▶ _Data listing_

=====

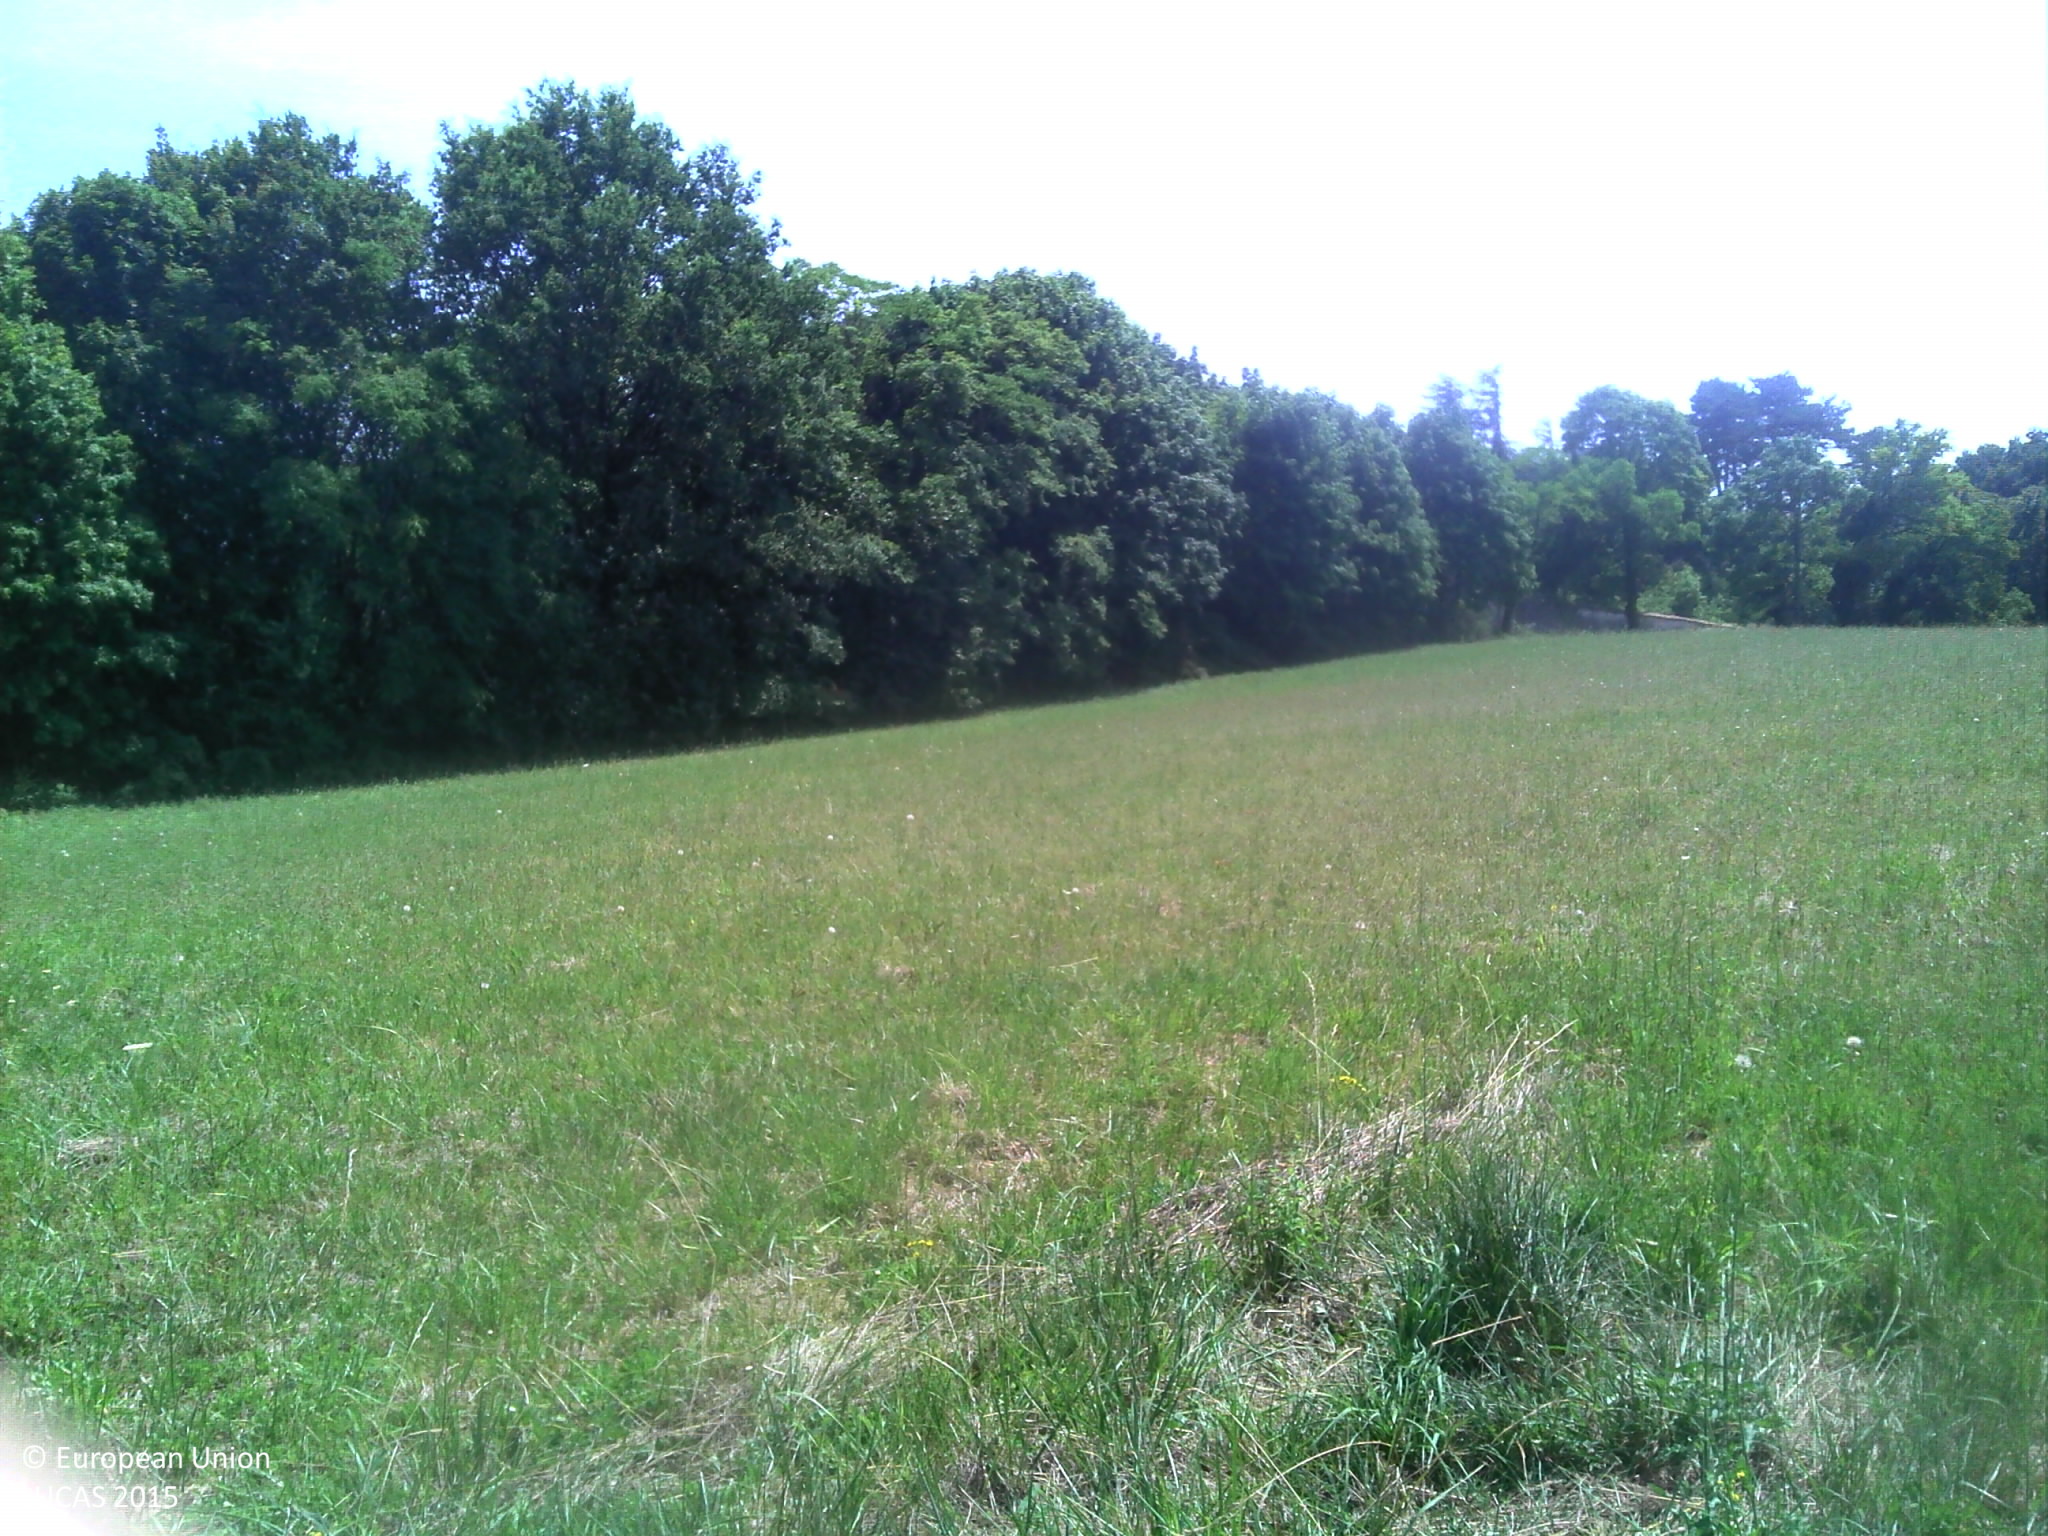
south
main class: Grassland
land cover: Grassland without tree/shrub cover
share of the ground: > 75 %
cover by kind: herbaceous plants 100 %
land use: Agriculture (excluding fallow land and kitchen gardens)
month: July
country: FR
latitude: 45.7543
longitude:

=====

▶ _Exercise objective_
Without copying any picture, write out all of the material exactly as it reads.

▶ _Response area_
south
main class: Grassland
land cover: Grassland without tree/shrub cover
share of the ground: > 75 %
cover by kind: herbaceous plants 100 %
land use: Agriculture (excluding fallow land and kitchen gardens)
month: July
country: FR
latitude: 45.7543
longitude:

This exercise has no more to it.